VIII. MINISTRY OF DEFENSE
PROCUREMENT
Article 8 of the Tenders Law provides that the Ministry of Defense
(MOD) may, when necessary, procure by way of local tender, direct
contracting or sole sourcing. The MOD has adopted a policy
prohibiting the use of any commercial agent, consultant,
intermediary, or sales representative in connection with the
purchase of military equipment.
A breach of the MOD’s policy would probably be characterized as a
contractual breach of an administrative contract, assuming the MOD
includes a certificate or provision in the contract to the effect
that commissions and fees have not been included in the contract
price. The consequences of such a breach could range from deducting
the value of the commission or other compensation paid in violation
of its policy to annulling the contract or having it completed at
the contractor’s expense. Serious violators may also have their
names stricken from the list of approved suppliers.
IX. TAXATION
The Egyptian Cabinet approved a new unified corporate and income tax law on November 24, 2004. The new tax law (No.91/2005) was passed on June 8, 2005. It basically replaces Law 157 of 1981 and its successive amendments. It also replaces law 187 of 1993.

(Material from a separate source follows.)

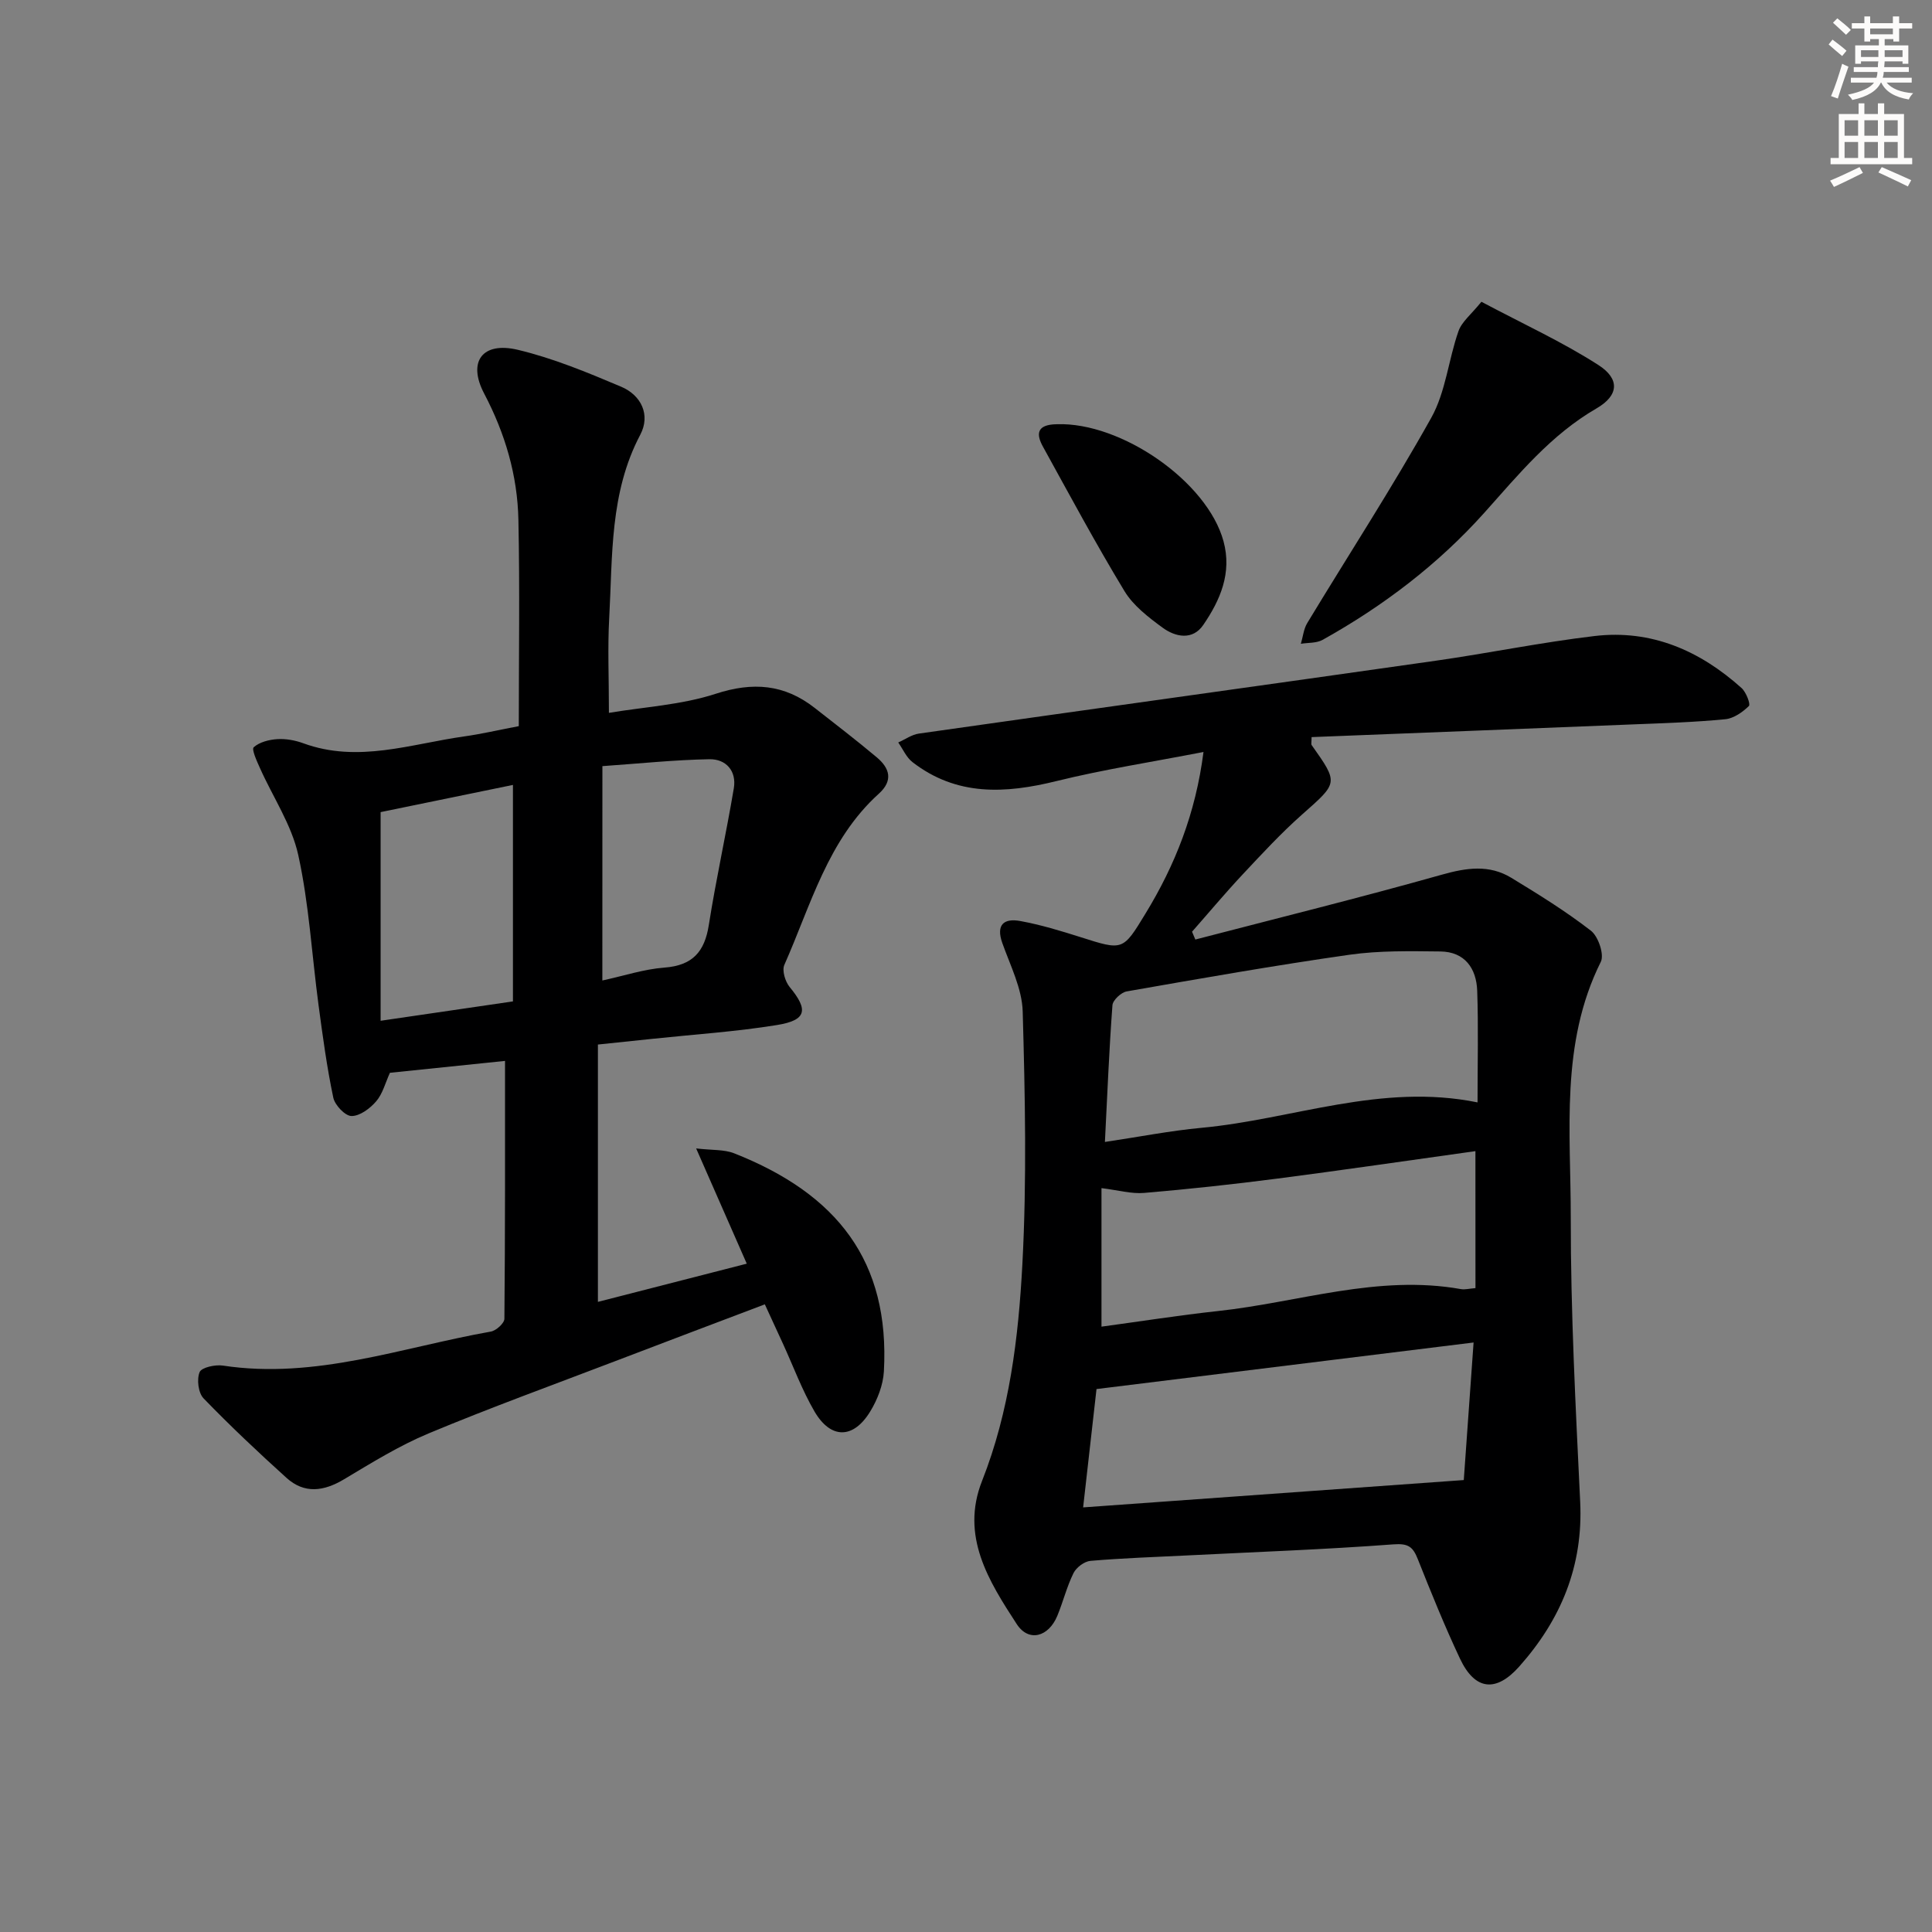 <svg enable-background="new 0 0 400 400" viewBox="0 0 400 400" xmlns="http://www.w3.org/2000/svg"><rect x="0" y="0" width="400" height="400" fill="#808080" stroke="none"/><g fill="#000001"><path d="m249.17 155.69c-10.66 2.07-20.65 3.61-30.43 6.02-10.6 2.62-20.67 3.16-29.82-3.92-1.27-.98-1.98-2.69-2.95-4.07 1.43-.63 2.8-1.63 4.28-1.84 35.66-5.07 71.33-10 106.98-15.08 11-1.57 21.91-3.82 32.93-5.12 11.73-1.38 21.78 3.02 30.41 10.77.95.85 1.9 3.35 1.52 3.72-1.31 1.28-3.15 2.57-4.9 2.74-6.28.61-12.6.81-18.91 1.06-22.24.9-44.48 1.76-66.73 2.64 0 1.04-.13 1.45.02 1.66 5.6 7.91 5.48 7.76-1.98 14.36-4.35 3.85-8.32 8.15-12.3 12.4-3.61 3.85-7 7.91-10.49 11.87.23.54.45 1.08.68 1.62 17.03-4.43 34.11-8.66 51.05-13.43 5.1-1.44 9.8-2.13 14.37.65 5.64 3.43 11.29 6.93 16.49 10.96 1.52 1.18 2.79 4.93 2.04 6.44-8.45 16.96-6.2 35.17-6.22 52.97-.02 19.61 1.01 39.23 1.95 58.82.64 13.3-3.98 24.4-12.63 34.12-4.8 5.39-9.15 4.93-12.25-1.63-3.18-6.75-5.98-13.68-8.74-20.62-1-2.52-1.94-3.29-5.02-3.06-14.26 1.07-28.55 1.58-42.83 2.3-6.64.33-13.3.55-19.92 1.12-1.27.11-2.93 1.36-3.51 2.53-1.39 2.81-2.15 5.93-3.35 8.84-1.81 4.39-5.93 5.52-8.4 1.73-5.81-8.92-11.69-18.24-7.19-29.64 5.7-14.44 7.54-29.66 8.35-44.86.93-17.4.56-34.89.07-52.32-.13-4.77-2.57-9.53-4.22-14.19-1.38-3.89.41-5.17 3.73-4.56 4.21.77 8.35 2.03 12.45 3.33 8.8 2.8 8.76 2.86 13.46-4.87 6.13-10.04 10.38-20.74 12.01-33.46zm56.74 72.55c0-8.15.19-15.63-.07-23.09-.16-4.65-2.56-8.1-7.63-8.16-6.28-.07-12.64-.2-18.82.68-15.42 2.2-30.77 4.9-46.11 7.59-1.16.2-2.88 1.81-2.96 2.86-.69 9.24-1.06 18.49-1.56 28.31 7-1.04 13.48-2.32 20.02-2.93 18.86-1.75 37.15-9.33 57.13-5.26zm-78.89 59.35c-.8 7.11-1.76 15.55-2.77 24.5 26.49-1.9 52.36-3.76 78.81-5.66.62-8.76 1.32-18.54 2.03-28.48-26.39 3.26-51.85 6.4-78.07 9.64zm78.45-49.26c-13.7 1.91-27.32 3.91-40.97 5.68-9.18 1.19-18.39 2.19-27.61 2.97-2.67.23-5.44-.58-8.84-.99v28.68c8.06-1.09 16.06-2.36 24.1-3.23 16.75-1.81 33.14-7.62 50.34-4.54.79.14 1.64-.1 2.99-.21-.01-9.3-.01-18.55-.01-28.36z"/><path d="m104.56 219.65c-7.44.77-15.65 1.62-23.83 2.46-.97 2.13-1.51 4.36-2.85 5.91-1.27 1.48-3.38 3.06-5.11 3.04-1.31-.01-3.45-2.26-3.77-3.82-1.33-6.32-2.19-12.74-3.05-19.15-1.39-10.37-1.96-20.9-4.2-31.07-1.38-6.28-5.26-12-7.93-18-.64-1.43-1.77-3.88-1.29-4.31 1.19-1.07 3.17-1.57 4.87-1.68 1.77-.11 3.69.23 5.38.85 11.34 4.16 22.31.13 33.38-1.42 3.43-.48 6.81-1.27 11.25-2.12 0-14.22.22-28.47-.08-42.71-.19-9.22-2.74-17.87-7.1-26.17-3.48-6.63-.32-10.77 6.96-9.04 7.33 1.74 14.42 4.69 21.4 7.64 4.19 1.77 6.13 5.85 3.97 9.95-6.35 12.02-5.72 25.09-6.43 37.96-.34 6.1-.06 12.23-.06 19.62 7.32-1.23 15.01-1.64 22.08-3.94 7.72-2.52 14.25-2 20.53 2.92 4.31 3.38 8.66 6.71 12.85 10.23 2.64 2.22 3.47 4.77.42 7.53-10.57 9.55-14.07 23.07-19.56 35.44-.52 1.17.18 3.46 1.1 4.58 3.91 4.73 3.54 6.87-2.61 7.87-8.5 1.38-17.14 1.94-25.72 2.85-3.6.38-7.2.75-11.37 1.19v53.28c10.15-2.61 20.33-5.22 30.82-7.91-3.44-7.83-6.69-15.23-10.48-23.86 3.31.39 5.79.19 7.87 1.01 21.33 8.42 32.26 22.34 31 45.15-.16 2.83-1.33 5.85-2.83 8.3-3.5 5.74-8.18 5.76-11.55-.02-2.57-4.42-4.36-9.3-6.5-13.97-1.17-2.56-2.36-5.12-3.77-8.19-10.42 3.95-20.76 7.85-31.08 11.8-12.87 4.92-25.84 9.62-38.55 14.93-6.09 2.54-11.8 6.09-17.49 9.49-4.2 2.51-8.21 3.06-11.93-.31-5.88-5.31-11.66-10.76-17.16-16.45-1.09-1.13-1.43-3.93-.81-5.43.4-.97 3.23-1.59 4.82-1.35 19.17 2.91 37.11-3.79 55.47-7.04 1.1-.19 2.8-1.73 2.81-2.65.17-17.76.13-35.52.13-53.39zm1.64-12.32c0-14.93 0-29.6 0-44.82-9.53 1.96-18.73 3.85-27.4 5.63v43.2c9.5-1.39 18.17-2.66 27.4-4.01zm18.51-4.33c4.44-.96 8.61-2.35 12.86-2.67 5.8-.44 8.31-3.26 9.18-8.8 1.49-9.48 3.59-18.86 5.18-28.33.6-3.59-1.63-6.08-5.07-6.01-7.21.13-14.4.89-22.14 1.43-.01 15.3-.01 29.57-.01 44.38z"/><path d="m306.71 62.48c8.7 4.62 16.81 8.33 24.23 13.1 4.48 2.88 4.22 6.3-.39 8.97-9.45 5.47-16.1 13.63-23.2 21.57-9.58 10.7-20.96 19.36-33.53 26.36-1.26.7-2.98.56-4.49.81.43-1.44.57-3.05 1.32-4.29 8.57-14.17 17.61-28.07 25.68-42.51 2.99-5.35 3.55-12 5.63-17.92.68-1.96 2.63-3.46 4.75-6.09z"/><path d="m218.84 87.83c13.31-.45 31.13 11.87 34.48 24.25 1.77 6.55-.68 12.17-4.19 17.3-2.21 3.25-5.77 2.53-8.46.55-2.91-2.14-6.03-4.53-7.85-7.53-5.93-9.78-11.35-19.88-16.88-29.91-1.33-2.4-1.56-4.61 2.9-4.66z"/></g><path d="m378.6 9.2.8-1c.9.7 1.9 1.4 2.9 2.3l-.9 1.1c-1.1-.9-2-1.7-2.8-2.4zm.5 10.7c.9-2.1 1.6-4.3 2.3-6.7.4.2.8.4 1.3.6-.7 2.1-1.5 4.3-2.2 6.6zm.4-15.2.9-.9c1 .8 2 1.6 2.8 2.4l-1 1c-1-.9-1.9-1.8-2.7-2.5zm12.5-1.3h1.2v1.4h2.7v1.1h-2.7v2.7h-1.2v-.5h-1.8v1.3h4.9v3.8h-1.2v-.5h-3.7c0 .4-.1.9-.1 1.2h5.1v1h-5.2c0 .5-.1.9-.2 1.2h6v1h-5.2c1.1 1.3 2.9 2 5.5 2.2-.4.4-.7.8-.9 1.3-2.9-.5-4.8-1.6-5.7-3.5h-.1c-.8 1.7-2.7 2.9-5.9 3.6-.2-.4-.6-.8-.9-1.1 2.8-.6 4.6-1.4 5.4-2.5h-4.8v-1h5.3c.1-.3.2-.7.2-1.2h-4.9v-1h5c0-.4 0-.8.1-1.2h-3.6v.5h-1.2v-3.8h4.9v-1.3h-1.8v.5h-1.2v-2.7h-2.6v-1.1h2.6v-1.4h1.2v1.4h4.7v-1.4zm-6.7 8.4h3.6c0-.4 0-.9 0-1.4h-3.6zm1.9-4.7h4.7v-1.2h-4.7zm6.7 3.3h-3.7v1.4h3.7z" fill="#fcfbfa"/><path d="m384.7 21.4h1.3v2.2h2.8v-2.2h1.3v2.2h4.1v9.1h1.7v1.3h-16.9v-1.3h1.7v-9.1h4.1v-2.2zm.3 13.2.7 1.2c-1.8.9-3.8 1.9-6 2.9-.2-.4-.5-.8-.8-1.3 2.4-1 4.4-2 6.1-2.8zm-3.1-6.5h2.8v-3.2h-2.8zm0 4.6h2.8v-3.3h-2.8zm4.1-4.6h2.8v-3.2h-2.8zm0 4.6h2.8v-3.3h-2.8zm3.6 1.9c2.1.9 4.1 1.8 6.1 2.7l-.7 1.3c-2.2-1.1-4.2-2-6.1-2.9zm3.3-9.7h-2.8v3.2h2.8zm-2.8 7.8h2.8v-3.3h-2.8z" fill="#fcfbfa"/></svg>

It became effective starting July 1, 2005 for personal income. The corporate income tax became effective starting January 1st, 2006.
| New Law |
Tax |
Old Law |
Tax |
| Most Firms |
20% |
Standard Corporate Income Tax |
40% |
|
| Suez Canal Profits |
40% |
Industrial & Export Companies |
32% |
|
| Egyptian Petroleum Authority |
40% |
Oil Exploration & Production Companies |
40.55% |
|
| Central Bank of Egypt |
40% |
|
|
|
| Oil Exploration & Production Companies |
40.55% |
|
|
The new tax law impacted the investment law tax incentives provisions. The new tax law revoked articles 16, 17, 18, 19, 21, 22, 23-bis, 24, 25 and 26 of the Investment Guarantees and Incentives Law 8 of 1997.
Under the new tax law, exemptions as prescribed in the said articles shall remain valid for companies and establishments whose exemption period started before the effective date of the law, until the end of the period determined. Those companies that did not commence activities must do so within 3 years in order to avail themselves of those exemptions.